Records drawn from a dataset
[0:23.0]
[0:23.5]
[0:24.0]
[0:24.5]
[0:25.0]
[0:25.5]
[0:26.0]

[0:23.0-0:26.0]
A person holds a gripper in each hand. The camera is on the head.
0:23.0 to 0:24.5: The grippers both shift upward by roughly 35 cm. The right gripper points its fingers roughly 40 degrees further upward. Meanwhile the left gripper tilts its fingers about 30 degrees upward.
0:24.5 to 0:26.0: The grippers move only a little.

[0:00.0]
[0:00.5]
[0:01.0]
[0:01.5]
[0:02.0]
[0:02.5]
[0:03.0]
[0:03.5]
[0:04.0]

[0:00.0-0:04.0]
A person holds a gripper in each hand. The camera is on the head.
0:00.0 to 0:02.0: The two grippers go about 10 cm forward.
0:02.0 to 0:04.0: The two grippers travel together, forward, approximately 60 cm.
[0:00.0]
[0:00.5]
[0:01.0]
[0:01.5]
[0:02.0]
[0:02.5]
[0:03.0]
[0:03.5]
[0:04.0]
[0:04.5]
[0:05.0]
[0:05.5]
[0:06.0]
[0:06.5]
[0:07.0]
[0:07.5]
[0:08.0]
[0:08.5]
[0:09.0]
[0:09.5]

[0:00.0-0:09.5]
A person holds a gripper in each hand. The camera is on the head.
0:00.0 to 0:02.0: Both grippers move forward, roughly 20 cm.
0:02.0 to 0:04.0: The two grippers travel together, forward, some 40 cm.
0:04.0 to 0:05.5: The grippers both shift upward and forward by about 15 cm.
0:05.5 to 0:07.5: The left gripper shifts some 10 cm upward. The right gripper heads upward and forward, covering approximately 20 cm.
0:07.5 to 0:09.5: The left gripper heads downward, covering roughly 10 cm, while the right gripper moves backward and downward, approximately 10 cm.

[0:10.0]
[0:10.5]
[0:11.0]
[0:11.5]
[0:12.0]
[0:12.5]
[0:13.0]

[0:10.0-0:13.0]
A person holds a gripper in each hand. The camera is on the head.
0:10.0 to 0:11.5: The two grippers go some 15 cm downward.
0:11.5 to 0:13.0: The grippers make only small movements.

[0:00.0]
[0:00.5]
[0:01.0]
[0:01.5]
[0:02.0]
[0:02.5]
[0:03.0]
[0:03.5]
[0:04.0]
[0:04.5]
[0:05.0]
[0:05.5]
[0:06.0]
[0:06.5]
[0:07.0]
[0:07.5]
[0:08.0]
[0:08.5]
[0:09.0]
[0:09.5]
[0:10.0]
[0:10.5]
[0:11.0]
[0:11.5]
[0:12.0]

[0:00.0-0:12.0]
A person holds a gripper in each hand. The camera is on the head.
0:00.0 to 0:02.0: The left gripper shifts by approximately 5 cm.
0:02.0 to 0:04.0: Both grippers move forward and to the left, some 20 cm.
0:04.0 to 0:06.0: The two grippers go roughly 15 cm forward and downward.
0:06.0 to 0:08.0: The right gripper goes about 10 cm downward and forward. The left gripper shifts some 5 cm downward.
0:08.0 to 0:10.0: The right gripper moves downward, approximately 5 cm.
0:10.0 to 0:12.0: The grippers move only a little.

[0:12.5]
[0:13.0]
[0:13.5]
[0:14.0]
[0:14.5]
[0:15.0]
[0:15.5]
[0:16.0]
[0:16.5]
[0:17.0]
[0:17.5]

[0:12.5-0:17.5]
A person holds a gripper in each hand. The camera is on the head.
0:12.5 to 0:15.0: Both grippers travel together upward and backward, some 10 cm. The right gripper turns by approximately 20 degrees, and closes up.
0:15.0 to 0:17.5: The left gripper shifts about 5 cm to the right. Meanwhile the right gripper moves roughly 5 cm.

**Instructions for the task**
Could you give the records again, exactly as they appear?

**Reply to the task**
[0:23.0]
[0:23.5]
[0:24.0]
[0:24.5]
[0:25.0]
[0:25.5]
[0:26.0]

[0:23.0-0:26.0]
A person holds a gripper in each hand. The camera is on the head.
0:23.0 to 0:24.5: The grippers both shift upward by roughly 35 cm. The right gripper points its fingers roughly 40 degrees further upward. Meanwhile the left gripper tilts its fingers about 30 degrees upward.
0:24.5 to 0:26.0: The grippers move only a little.

[0:00.0]
[0:00.5]
[0:01.0]
[0:01.5]
[0:02.0]
[0:02.5]
[0:03.0]
[0:03.5]
[0:04.0]

[0:00.0-0:04.0]
A person holds a gripper in each hand. The camera is on the head.
0:00.0 to 0:02.0: The two grippers go about 10 cm forward.
0:02.0 to 0:04.0: The two grippers travel together, forward, approximately 60 cm.
[0:00.0]
[0:00.5]
[0:01.0]
[0:01.5]
[0:02.0]
[0:02.5]
[0:03.0]
[0:03.5]
[0:04.0]
[0:04.5]
[0:05.0]
[0:05.5]
[0:06.0]
[0:06.5]
[0:07.0]
[0:07.5]
[0:08.0]
[0:08.5]
[0:09.0]
[0:09.5]

[0:00.0-0:09.5]
A person holds a gripper in each hand. The camera is on the head.
0:00.0 to 0:02.0: Both grippers move forward, roughly 20 cm.
0:02.0 to 0:04.0: The two grippers travel together, forward, some 40 cm.
0:04.0 to 0:05.5: The grippers both shift upward and forward by about 15 cm.
0:05.5 to 0:07.5: The left gripper shifts some 10 cm upward. The right gripper heads upward and forward, covering approximately 20 cm.
0:07.5 to 0:09.5: The left gripper heads downward, covering roughly 10 cm, while the right gripper moves backward and downward, approximately 10 cm.

[0:10.0]
[0:10.5]
[0:11.0]
[0:11.5]
[0:12.0]
[0:12.5]
[0:13.0]

[0:10.0-0:13.0]
A person holds a gripper in each hand. The camera is on the head.
0:10.0 to 0:11.5: The two grippers go some 15 cm downward.
0:11.5 to 0:13.0: The grippers make only small movements.

[0:00.0]
[0:00.5]
[0:01.0]
[0:01.5]
[0:02.0]
[0:02.5]
[0:03.0]
[0:03.5]
[0:04.0]
[0:04.5]
[0:05.0]
[0:05.5]
[0:06.0]
[0:06.5]
[0:07.0]
[0:07.5]
[0:08.0]
[0:08.5]
[0:09.0]
[0:09.5]
[0:10.0]
[0:10.5]
[0:11.0]
[0:11.5]
[0:12.0]

[0:00.0-0:12.0]
A person holds a gripper in each hand. The camera is on the head.
0:00.0 to 0:02.0: The left gripper shifts by approximately 5 cm.
0:02.0 to 0:04.0: Both grippers move forward and to the left, some 20 cm.
0:04.0 to 0:06.0: The two grippers go roughly 15 cm forward and downward.
0:06.0 to 0:08.0: The right gripper goes about 10 cm downward and forward. The left gripper shifts some 5 cm downward.
0:08.0 to 0:10.0: The right gripper moves downward, approximately 5 cm.
0:10.0 to 0:12.0: The grippers move only a little.

[0:12.5]
[0:13.0]
[0:13.5]
[0:14.0]
[0:14.5]
[0:15.0]
[0:15.5]
[0:16.0]
[0:16.5]
[0:17.0]
[0:17.5]

[0:12.5-0:17.5]
A person holds a gripper in each hand. The camera is on the head.
0:12.5 to 0:15.0: Both grippers travel together upward and backward, some 10 cm. The right gripper turns by approximately 20 degrees, and closes up.
0:15.0 to 0:17.5: The left gripper shifts about 5 cm to the right. Meanwhile the right gripper moves roughly 5 cm.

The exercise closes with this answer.